> [Description of the task] Write out, exactly and in full, the line where "embed_type = self._get_embed_type()" appears together with all lines that follow it in the entries below. Do not include pictures.

> [Data for analysis]
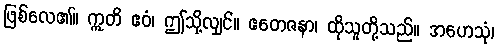
ဖြစ်လေ၏။ ဣတိ ဧဝံ၊ ဤသို့လျှင်။ ဧတေဇနာ၊ ထိုသူတို့သည်။ အဟေသုံ၊
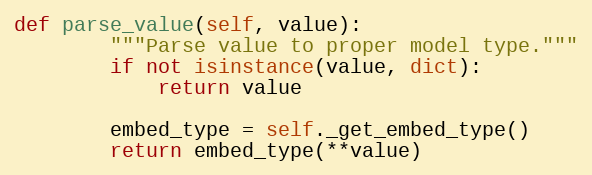
Language: Python
def parse_value(self, value):
        """Parse value to proper model type."""
        if not isinstance(value, dict):
            return value

        embed_type = self._get_embed_type()
        return embed_type(**value)
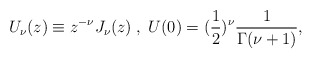
\begin{align*} U_{\nu}(z)\equiv z^{-\nu} J_{\nu} (z)\;,\; U(0)=(\frac{1}{2})^{\nu} \frac{1}{\Gamma(\nu+1)},\end{align*}
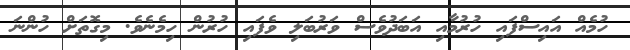
ހުމެއް އައިސްފައި ހުރުމާއި އަބަދުވެސް ވަރުބަލި ވެފައި ހުރުން ހިމެނެވެ. މިގޮތަށް ހުންނަ
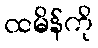
ထမိန်ကို
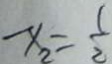
x _ { 2 } = \frac { 1 } { 2 }
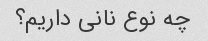
چه نوع نانی داریم؟
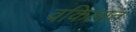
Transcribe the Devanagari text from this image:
वकिलात
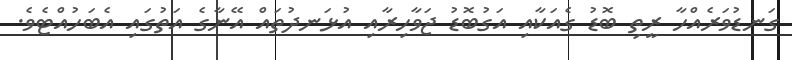
ގަނޑުވަރެއްހާ ރީތި ބޮޑު ގެއަކާއި އަގުބޮޑު ޖަވާހިރާއި އުޅަނދުތައް އޭނާގެ އަތުގައި އެބަހުއްޓެވެ.
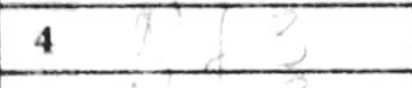
Transcription: Nf3
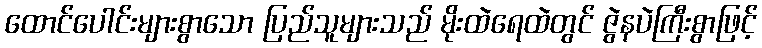
ထောင်ပေါင်းများစွာသော ပြည်သူများသည် မိုးထဲရေထဲတွင် ဇွဲနပဲကြီးစွာဖြင့်

> [Answer box]
        embed_type = self._get_embed_type()
        return embed_type(**value)
\begin{align*} U_{\nu}(z)\equiv z^{-\nu} J_{\nu} (z)\;,\; U(0)=(\frac{1}{2})^{\nu} \frac{1}{\Gamma(\nu+1)},\end{align*}
ހުމެއް އައިސްފައި ހުރުމާއި އަބަދުވެސް ވަރުބަލި ވެފައި ހުރުން ހިމެނެވެ. މިގޮތަށް ހުންނަ
ထမိန်ကို
x _ { 2 } = \frac { 1 } { 2 }
چه نوع نانی داریم؟
Transcribe the Devanagari text from this image:
वकिलात
ގަނޑުވަރެއްހާ ރީތި ބޮޑު ގެއަކާއި އަގުބޮޑު ޖަވާހިރާއި އުޅަނދުތައް އޭނާގެ އަތުގައި އެބަހުއްޓެވެ.
Transcription: Nf3
ထောင်ပေါင်းများစွာသော ပြည်သူများသည် မိုးထဲရေထဲတွင် ဇွဲနပဲကြီးစွာဖြင့်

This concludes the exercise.